Sarah Henson is the type of woman who makes you feel like you really can do it all and still end the day with a big smile on your face. By day she leads the Women’s Ministry at The Potter’s House of Dallas, her parents’ Bishop T.D. Jakes and Serita Jakes famous mega church with over 30,000 members. In the evenings she’s a devoted wife to NFL linebacker Robert Henson, a proud mother of two and an inspirational blogger. Henson became a mom at 14, and despite what many expected back then, has since turned her story into one of success and triumph.
“You learn so much about marriage once you’re married, and it’s just about applying it,” says Henson, who sat down with us to talk about share her secrets to balancing faith, marriage and motherhood.
ESSENCE.COM: How do you and your husband juggle your careers and parenting duties?
HENSON: It’s important that we always have someone that’s at home creating that foundation and consistency for the children. My son is 9 and my daughter is 2. The twos haven’t been “terrible,” but she has way too much to say — way too much. (Laughs)
ESSENCE.COM: What are some of the strengths within your marriage?
HENSON: I think one of our biggest strengths is really being able to laugh and play with one another, because life is so hard and you have to. My husband is in the football world, which is so cutthroat and serious. There are so many injuries. And in ministry, especially on this scale, there’s a lot of criticism and a lot of people who won’t always be happy for you. Sometimes you just need to be able to laugh with one another. So, whether it’s him tickling me, or me making fun of his socks not matching — whatever — we find something to laugh about every day and that translates with our children. I’m proud to say that my children are happy children and that means a lot to me. They still have their innocence. At the end of the day, we’re all just little girls and little boys trying to make it in this world. Sometimes we just need to be able to look at someone and say, “I love you, and I want to laugh with you. I see that little person in you and I’m committed to bringing out all of the great things inside of you.”
ESSENCE.COM: What message do you have for mother’s struggling to find the balance between career and family?

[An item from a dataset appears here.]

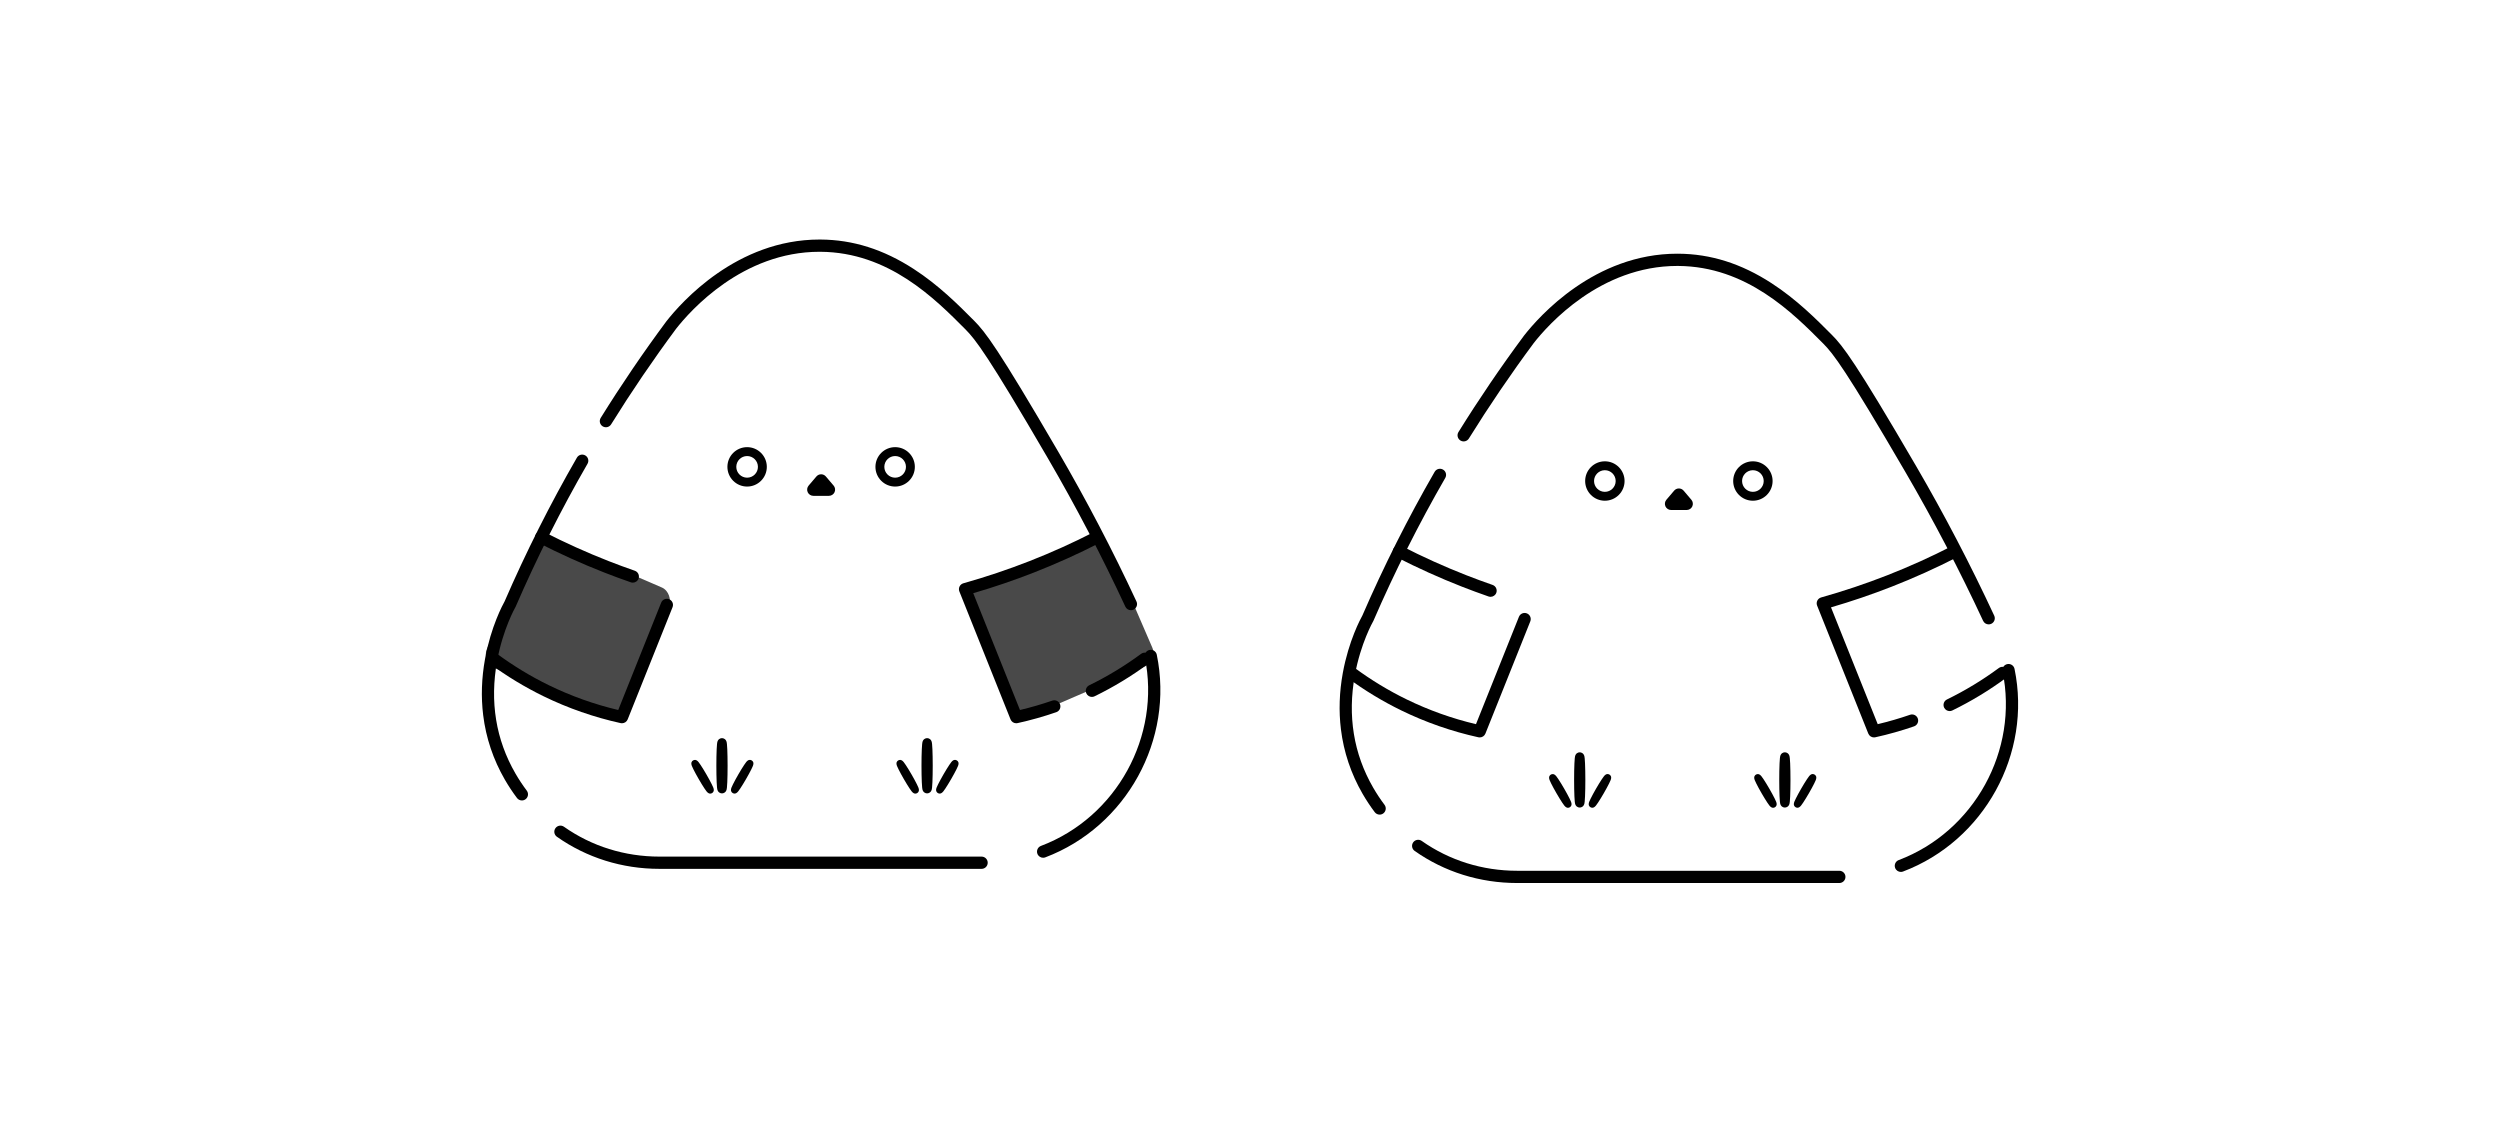 <?xml version="1.0" encoding="UTF-8"?><svg id="_レイヤー_2" xmlns="http://www.w3.org/2000/svg" viewBox="0 0 562.521 252.583"><defs><style>.cls-1{fill:#494949;}.cls-2{fill:#fff;}</style></defs><g id="_レイヤー_1-2"><rect class="cls-2" width="562.521" height="252.583"/><path class="cls-2" d="M151.675,72.098c-5.929,8.406-11.951,17.582-17.897,27.544-8.379,14.039-15.348,27.53-21.158,40.101-.786,2.086-6.873,19.127,3.224,35.855,9.603,15.91,26.24,18.935,28.637,19.329,25.092-.113,50.184-.227,75.275-.34,14.043.943,27.472-6.043,34.695-18.055,7.069-11.755,7.111-26.522.118-38.385-6.078-13.622-13.522-28.195-22.681-43.253-3.837-6.307-7.721-12.283-11.604-17.934-.872-1.581-10.854-18.947-31.648-21.099-22.452-2.323-36.246,15.29-36.96,16.236Z"/><rect class="cls-1" x="221.94" y="125.094" width="33.736" height="31.565" rx="3.107" ry="3.107" transform="translate(513.911 175.429) rotate(156.622)"/><rect class="cls-1" x="113.157" y="125.435" width="33.736" height="31.565" rx="3.107" ry="3.107" transform="translate(66.71 -40.001) rotate(23.378)"/><path d="M254.466,137.304c-.52,0-1.017-.295-1.25-.797-5.283-11.369-11.161-22.625-17.471-33.456-13.45-23.089-16.245-26.66-18.501-28.929-6.875-6.917-17.264-17.369-32.631-17.468-.074-.001-.147-.001-.221-.001-17.329,0-29.062,13.235-32.274,17.333-5.145,6.934-10.062,14.168-14.616,21.501-.402.646-1.251.845-1.897.443-.646-.401-.845-1.251-.444-1.897,4.597-7.402,9.561-14.704,14.755-21.703l.022-.028c3.39-4.329,15.861-18.404,34.454-18.404.08,0,.159 0.0.239.001,7.293.047,14.148,2.213,20.955,6.621,5.679,3.678,10.078,8.103,13.612,11.659,2.477,2.492,5.285,6.066,18.928,29.485,6.352,10.904,12.27,22.236,17.589,33.682.321.69.021,1.509-.669,1.83-.188.087-.385.129-.58.129Z"/><path d="M234.713,193.004c-.556,0-1.08-.339-1.289-.89-.269-.712.089-1.507.801-1.776,16.994-6.434,27.037-24.691,23.363-42.467-.154-.745.325-1.474,1.07-1.628.745-.155,1.474.325,1.628,1.07,3.946,19.089-6.838,38.693-25.085,45.602-.161.061-.326.09-.488.09Z"/><path d="M220.866,195.499h-72.488c-8.386,0-16.364-2.498-23.07-7.223-.622-.438-.771-1.298-.333-1.92.438-.622,1.298-.771,1.92-.333,6.239,4.396,13.668,6.72,21.483,6.72h72.488c.761,0,1.378.617,1.378,1.378s-.617,1.378-1.378,1.378Z"/><path d="M117.431,180.108c-.418,0-.831-.19-1.102-.549-.994-1.32-1.916-2.716-2.743-4.147-2.601-4.505-4.239-9.382-4.867-14.495-.505-4.105-.362-8.372.423-12.68,1.322-7.259,4.019-12.243,4.403-12.926,4.784-11.035,10.256-21.913,16.263-32.334.38-.659,1.223-.885,1.882-.505s.886,1.222.505,1.882c-5.968,10.351-11.402,21.158-16.151,32.12l-.031.073-.04.068c-.028.048-2.81,4.923-4.12,12.116-1.669,9.164-.283,17.677,4.12,25.304.771,1.335,1.632,2.637,2.558,3.868.458.608.336,1.472-.272,1.929-.248.187-.539.277-.827.277Z"/><path d="M186.514,111.567h-3.505c-.542,0-1.04-.318-1.267-.811-.227-.493-.147-1.078.205-1.49l1.751-2.057c.266-.312.653-.491,1.063-.491.411,0,.799.18,1.065.494l1.75,2.056c.351.412.432.997.204,1.489-.227.493-.725.811-1.267.811ZM185.477,111.052c.001.001.001.001.002.002l-.002-.002ZM184.046,111.051l-.002.002c.001-.001.001-.001.002-.002Z"/><path d="M139.949,162.74c-.098,0-.198-.01-.297-.032-5.998-1.322-11.83-3.353-17.332-6.036-4.234-2.064-8.305-4.532-12.102-7.336-.612-.452-.742-1.315-.29-1.927.452-.612,1.315-.742,1.927-.29,3.662,2.704,7.589,5.085,11.673,7.075,4.959,2.417,10.194,4.286,15.58,5.561l9.662-24.158c.283-.707,1.084-1.05,1.791-.768.707.283,1.05,1.084.768,1.791l-10.099,25.252c-.213.532-.726.866-1.279.866Z"/><path d="M142.388,131.101c-.15,0-.302-.025-.451-.076-2.005-.695-4.023-1.44-6-2.214-5.023-1.968-10.003-4.215-14.803-6.678-.677-.348-.944-1.178-.597-1.855.347-.677,1.178-.944,1.855-.596,4.717,2.422,9.612,4.63,14.549,6.564,1.942.761,3.926,1.493,5.897,2.176.719.249,1.1,1.034.851,1.753-.197.57-.731.927-1.302.927Z"/><path d="M168.107,109.481c-2.445,0-4.434-1.989-4.434-4.434s1.989-4.434,4.434-4.434,4.434,1.989,4.434,4.434-1.989,4.434-4.434,4.434ZM168.107,102.614c-1.342,0-2.434,1.092-2.434,2.434s1.092,2.434,2.434,2.434,2.434-1.092,2.434-2.434-1.092-2.434-2.434-2.434Z"/><path d="M201.415,109.481c-2.445,0-4.434-1.989-4.434-4.434s1.989-4.434,4.434-4.434,4.434,1.989,4.434,4.434-1.989,4.434-4.434,4.434ZM201.415,102.614c-1.342,0-2.434,1.092-2.434,2.434s1.092,2.434,2.434,2.434,2.434-1.092,2.434-2.434-1.092-2.434-2.434-2.434Z"/><path d="M245.687,156.812c-.51,0-1.001-.285-1.239-.774-.333-.684-.049-1.509.635-1.842,4.083-1.99,8.011-4.371,11.673-7.075.612-.452,1.475-.322,1.927.29.452.612.322,1.475-.29,1.927-3.797,2.804-7.868,5.272-12.102,7.336-.194.095-.4.14-.603.14Z"/><path d="M228.66,162.74c-.553,0-1.066-.335-1.279-.866l-11.516-28.794c-.145-.363-.129-.771.044-1.121.173-.351.487-.611.863-.717,5.023-1.412,10.035-3.093,14.894-4.997,4.937-1.934,9.832-4.143,14.549-6.564.677-.348,1.507-.08,1.855.596.348.677.08,1.507-.596,1.855-4.799,2.464-9.78,4.711-14.803,6.678-4.469,1.751-9.064,3.317-13.681,4.663l10.512,26.283c2.456-.582,4.897-1.291,7.272-2.113.719-.248,1.504.132,1.753.851s-.132,1.504-.851,1.753c-2.842.984-5.775,1.812-8.718,2.46-.099.022-.199.032-.297.032Z"/><path d="M162.451,178.52c-.395,0-.909-.241-1.056-.919-.023-.108-.043-.239-.061-.413-.03-.282-.056-.676-.078-1.173-.044-.994-.069-2.312-.069-3.711,0-1.399.024-2.717.069-3.711.022-.497.048-.891.078-1.173.018-.174.038-.306.061-.413.147-.678.661-.919,1.056-.919s.909.241,1.056.919c.023.108.043.239.061.413.03.282.056.676.078,1.173.044.994.069,2.312.069,3.711,0,1.399-.024,2.717-.069,3.711-.022.497-.048.891-.078,1.173-.018.174-.038.306-.061.413-.147.678-.661.919-1.056.919Z"/><path d="M165.279,178.565c-.154,0-.291-.05-.403-.115-.289-.167-.572-.521-.279-1.259.073-.184.187-.432.338-.736.298-.6.72-1.377,1.189-2.19s.931-1.567,1.302-2.125c.188-.283.346-.506.469-.661.494-.623.942-.555,1.23-.388.288.166.572.52.279,1.259-.073.184-.187.432-.338.736-.298.599-.72,1.377-1.189,2.19h0c-.469.813-.931,1.567-1.302,2.125-.188.283-.346.506-.469.661-.301.38-.586.503-.827.503Z"/><path d="M159.806,178.572c-.241,0-.526-.123-.827-.503-.123-.155-.281-.377-.469-.661-.37-.558-.832-1.312-1.302-2.125s-.892-1.59-1.189-2.19c-.151-.304-.265-.552-.338-.736-.292-.739-.01-1.093.279-1.259.289-.167.737-.234,1.23.388.123.155.281.378.469.661.37.558.833,1.313,1.302,2.125h0c.469.812.892,1.59,1.189,2.19.151.304.265.552.338.736.292.739.01,1.093-.279,1.259-.113.065-.249.115-.403.115Z"/><path d="M208.607,178.52c-.395,0-.909-.241-1.056-.919-.023-.108-.043-.239-.061-.414-.03-.282-.056-.676-.078-1.173-.044-.994-.069-2.311-.069-3.711s.024-2.717.069-3.711c.022-.497.048-.891.078-1.173.018-.174.038-.306.061-.414.148-.678.661-.919,1.056-.919s.909.241,1.056.919c.023.108.043.239.061.413.03.282.056.676.078,1.173.044.994.069,2.312.069,3.711,0,1.399-.024,2.717-.069,3.711-.022.497-.048.891-.078,1.173-.018.174-.038.306-.061.413-.147.678-.661.919-1.056.919Z"/><path d="M211.435,178.565c-.154,0-.291-.05-.403-.115-.289-.167-.572-.52-.279-1.259.073-.184.187-.432.338-.736.298-.599.72-1.377,1.189-2.19.469-.813.931-1.567,1.302-2.125.188-.283.346-.506.469-.661.494-.623.941-.555,1.23-.388.289.166.572.52.279,1.259-.073.184-.187.432-.338.736-.298.6-.72,1.377-1.189,2.19h0c-.469.812-.931,1.567-1.302,2.125-.188.283-.346.506-.469.661-.301.38-.586.503-.827.503Z"/><path d="M205.961,178.572c-.241,0-.526-.123-.827-.503-.123-.155-.281-.377-.469-.661-.37-.558-.833-1.312-1.302-2.125-.469-.812-.892-1.59-1.189-2.19-.151-.304-.265-.552-.338-.736-.292-.739-.01-1.093.279-1.259.289-.167.737-.234,1.23.388.123.155.281.378.469.661.37.558.832,1.312,1.302,2.125h0c.469.813.892,1.59,1.189,2.19.151.304.265.552.338.736.292.739.01,1.093-.279,1.259-.112.065-.249.115-.403.115Z"/><path d="M447.467,140.491c-.52,0-1.017-.295-1.25-.797-5.283-11.369-11.161-22.625-17.471-33.456-13.45-23.089-16.245-26.66-18.501-28.929-6.875-6.917-17.264-17.369-32.631-17.468-.074-.001-.147-.001-.221-.001-17.329,0-29.062,13.235-32.274,17.333-5.145,6.934-10.062,14.168-14.616,21.501-.402.646-1.251.845-1.897.443-.646-.401-.845-1.251-.444-1.897,4.597-7.402,9.561-14.704,14.755-21.703l.022-.028c3.39-4.329,15.861-18.404,34.454-18.404.08,0,.159 0.0.239.001,7.293.047,14.148,2.213,20.955,6.621,5.679,3.678,10.078,8.103,13.612,11.659,2.477,2.492,5.285,6.066,18.928,29.485,6.352,10.904,12.27,22.236,17.589,33.682.321.69.021,1.509-.669,1.83-.188.087-.385.129-.58.129Z"/><path d="M427.714,196.191c-.556,0-1.08-.339-1.289-.89-.269-.712.089-1.507.801-1.776,16.994-6.434,27.037-24.691,23.363-42.467-.154-.745.325-1.474,1.07-1.628.745-.155,1.474.325,1.628,1.07,3.946,19.089-6.838,38.693-25.085,45.602-.161.061-.326.09-.488.09Z"/><path d="M413.867,198.687h-72.488c-8.386,0-16.364-2.498-23.07-7.223-.622-.438-.771-1.298-.333-1.92.438-.622,1.298-.771,1.92-.333,6.239,4.396,13.668,6.72,21.483,6.72h72.488c.761,0,1.378.617,1.378,1.378s-.617,1.378-1.378,1.378Z"/><path d="M310.432,183.296c-.418,0-.831-.19-1.102-.549-.994-1.32-1.916-2.716-2.743-4.147-2.601-4.505-4.239-9.382-4.867-14.495-.505-4.105-.362-8.372.423-12.68,1.322-7.259,4.019-12.243,4.403-12.926,4.784-11.035,10.256-21.913,16.263-32.334.38-.659,1.223-.885,1.882-.505s.886,1.222.505,1.882c-5.968,10.351-11.402,21.158-16.151,32.12l-.031.073-.04.068c-.028.048-2.81,4.923-4.12,12.116-1.669,9.164-.283,17.677,4.12,25.304.771,1.335,1.632,2.637,2.558,3.868.458.608.336,1.472-.272,1.929-.248.187-.539.277-.827.277Z"/><path d="M379.515,114.754h-3.505c-.542,0-1.04-.318-1.267-.811-.227-.493-.147-1.078.205-1.49l1.751-2.057c.266-.312.653-.491,1.063-.491.411,0,.799.18,1.065.494l1.75,2.056c.351.412.432.997.204,1.489-.227.493-.725.811-1.267.811ZM378.478,114.24c.001.001.001.001.002.002l-.002-.002ZM377.047,114.239l-.002.002c.001-.001.001-.001.002-.002Z"/><path d="M332.95,165.928c-.098,0-.198-.01-.297-.032-5.998-1.322-11.83-3.353-17.332-6.036-4.234-2.064-8.305-4.532-12.102-7.336-.612-.452-.742-1.315-.29-1.927.452-.612,1.315-.742,1.927-.29,3.662,2.704,7.589,5.085,11.673,7.075,4.959,2.417,10.194,4.286,15.58,5.561l9.662-24.158c.283-.707,1.084-1.05,1.791-.768.707.283,1.05,1.084.768,1.791l-10.099,25.252c-.213.532-.726.866-1.279.866Z"/><path d="M335.389,134.289c-.15,0-.302-.025-.451-.076-2.005-.695-4.023-1.44-6-2.214-5.023-1.968-10.003-4.215-14.803-6.678-.677-.348-.944-1.178-.597-1.855.347-.677,1.178-.944,1.855-.596,4.717,2.422,9.612,4.63,14.549,6.564,1.942.761,3.926,1.493,5.897,2.176.719.249,1.1,1.034.851,1.753-.197.57-.731.927-1.302.927Z"/><path d="M361.108,112.668c-2.445,0-4.434-1.989-4.434-4.434s1.989-4.434,4.434-4.434,4.434,1.989,4.434,4.434-1.989,4.434-4.434,4.434ZM361.108,105.801c-1.342,0-2.434,1.092-2.434,2.434s1.092,2.434,2.434,2.434,2.434-1.092,2.434-2.434-1.092-2.434-2.434-2.434Z"/><path d="M394.416,112.668c-2.445,0-4.434-1.989-4.434-4.434s1.989-4.434,4.434-4.434,4.434,1.989,4.434,4.434-1.989,4.434-4.434,4.434ZM394.416,105.801c-1.342,0-2.434,1.092-2.434,2.434s1.092,2.434,2.434,2.434,2.434-1.092,2.434-2.434-1.092-2.434-2.434-2.434Z"/><path d="M438.688,159.999c-.51,0-1.001-.285-1.239-.774-.333-.684-.049-1.509.635-1.842,4.083-1.99,8.011-4.371,11.673-7.075.612-.452,1.475-.322,1.927.29.452.612.322,1.475-.29,1.927-3.797,2.804-7.868,5.272-12.102,7.336-.194.095-.4.14-.603.14Z"/><path d="M421.661,165.928c-.553,0-1.066-.335-1.279-.866l-11.516-28.794c-.145-.363-.129-.771.044-1.121.173-.351.487-.611.863-.717,5.023-1.412,10.035-3.093,14.894-4.997,4.937-1.934,9.832-4.143,14.549-6.564.677-.348,1.507-.08,1.855.596.348.677.08,1.507-.596,1.855-4.799,2.464-9.78,4.711-14.803,6.678-4.469,1.751-9.064,3.317-13.681,4.663l10.512,26.283c2.456-.582,4.897-1.291,7.272-2.113.719-.248,1.504.132,1.753.851s-.132,1.504-.851,1.753c-2.842.984-5.775,1.812-8.718,2.46-.099.022-.199.032-.297.032Z"/><path d="M355.452,181.708c-.395,0-.909-.241-1.056-.919-.023-.108-.043-.239-.061-.413-.03-.282-.056-.676-.078-1.173-.044-.994-.069-2.312-.069-3.711,0-1.399.024-2.717.069-3.711.022-.497.048-.891.078-1.173.018-.174.038-.306.061-.413.147-.678.661-.919,1.056-.919s.909.241,1.056.919c.023.108.043.239.061.413.03.282.056.676.078,1.173.044.994.069,2.312.069,3.711,0,1.399-.024,2.717-.069,3.711-.022.497-.048.891-.078,1.173-.018.174-.038.306-.061.413-.147.678-.661.919-1.056.919Z"/><path d="M358.28,181.752c-.154,0-.291-.05-.403-.115-.289-.167-.572-.521-.279-1.259.073-.184.187-.432.338-.736.298-.6.72-1.377,1.189-2.19s.931-1.567,1.302-2.125c.188-.283.346-.506.469-.661.494-.623.942-.555,1.23-.388.288.166.572.52.279,1.259-.073.184-.187.432-.338.736-.298.599-.72,1.377-1.189,2.19h0c-.469.813-.931,1.567-1.302,2.125-.188.283-.346.506-.469.661-.301.38-.586.503-.827.503Z"/><path d="M352.807,181.76c-.241,0-.526-.123-.827-.503-.123-.155-.281-.377-.469-.661-.37-.558-.832-1.312-1.302-2.125s-.892-1.59-1.189-2.19c-.151-.304-.265-.552-.338-.736-.292-.739-.01-1.093.279-1.259.289-.167.737-.234,1.23.388.123.155.281.378.469.661.37.558.833,1.313,1.302,2.125h0c.469.812.892,1.59,1.189,2.19.151.304.265.552.338.736.292.739.01,1.093-.279,1.259-.113.065-.249.115-.403.115Z"/><path d="M401.608,181.708c-.395,0-.909-.241-1.056-.919-.023-.108-.043-.239-.061-.414-.03-.282-.056-.676-.078-1.173-.044-.994-.069-2.311-.069-3.711s.024-2.717.069-3.711c.022-.497.048-.891.078-1.173.018-.174.038-.306.061-.414.148-.678.661-.919,1.056-.919s.909.241,1.056.919c.023.108.043.239.061.413.03.282.056.676.078,1.173.044.994.069,2.312.069,3.711,0,1.399-.024,2.717-.069,3.711-.022.497-.048.891-.078,1.173-.018.174-.038.306-.061.413-.147.678-.661.919-1.056.919Z"/><path d="M404.436,181.752c-.154,0-.291-.05-.403-.115-.289-.167-.572-.52-.279-1.259.073-.184.187-.432.338-.736.298-.599.72-1.377,1.189-2.19.469-.813.931-1.567,1.302-2.125.188-.283.346-.506.469-.661.494-.623.941-.555,1.23-.388.289.166.572.52.279,1.259-.073.184-.187.432-.338.736-.298.6-.72,1.377-1.189,2.19h0c-.469.812-.931,1.567-1.302,2.125-.188.283-.346.506-.469.661-.301.38-.586.503-.827.503Z"/><path d="M398.962,181.76c-.241,0-.526-.123-.827-.503-.123-.155-.281-.377-.469-.661-.37-.558-.833-1.312-1.302-2.125-.469-.812-.892-1.59-1.189-2.19-.151-.304-.265-.552-.338-.736-.292-.739-.01-1.093.279-1.259.289-.167.737-.234,1.23.388.123.155.281.378.469.661.37.558.832,1.312,1.302,2.125h0c.469.813.892,1.59,1.189,2.19.151.304.265.552.338.736.292.739.01,1.093-.279,1.259-.112.065-.249.115-.403.115Z"/></g></svg>

HENSON: I think that’s when your relationship with God becomes really important. If it’s something that God has called you to do, then He’s going to make a provision for you and your family as long as you stay in line with his will. I know that, for me, my family is my very first ministry. If I don’t have peace there, and if we’re not on one accord with good communication, then nothing else can really work. Ministry is from the heart. You can’t project something that you’re not living. Before I tell someone else to kiss on their babies and love on their husband, I want to make sure that I’m doing those things at home so that God will honor what I’m trying to do. My first priority is to this person that I’ve decided to fight life with and if I don’t make him feel like a priority, I can’t tell someone else to do the same in their life. Certain couples end up in certain situations and don’t know how they got there. Self-evaluation is important. You need to be able to look at yourself and say: Wait a minute. I’ve lost track somewhere and I need to go back and I need to fix it. I don’t ever want to get so far out that I don’t know how to bring myself back in.
ESSENCE.COM: What lessons have you learned from your relationship with your own mother?
HENSON: My mother is so authentic and so genuine. One of the things I’ve always admired about her is that her love knows no limits. My mother never made us feel like we were out of the reach of her love. Sometimes it’s easy to feel like if we fail somewhere in our relationship with Christ that we lose our parents too, but my mother never made us feel like we had that ultimatum. We could make a mistake and have to deal with God but we’d always have her on our side. I just really hope to continue that legacy with my children.
ESSENCE.COM: What types of goals have you set for yourself as a mother?
HENSON: One of my goals for my children is that if they ask me a question, then I’m always going to be honest with them. I won’t sugarcoat it or tell them they’re too young to know the answer. I think that there are always appropriate responses. I don’t ever want them to feel like, if they ask me something they won’t hear the truth. Even at 9, when my son asks me what sex is, as much as I cringe and want to protect him, if he’s old enough to ask me that question, I think he deserves a response.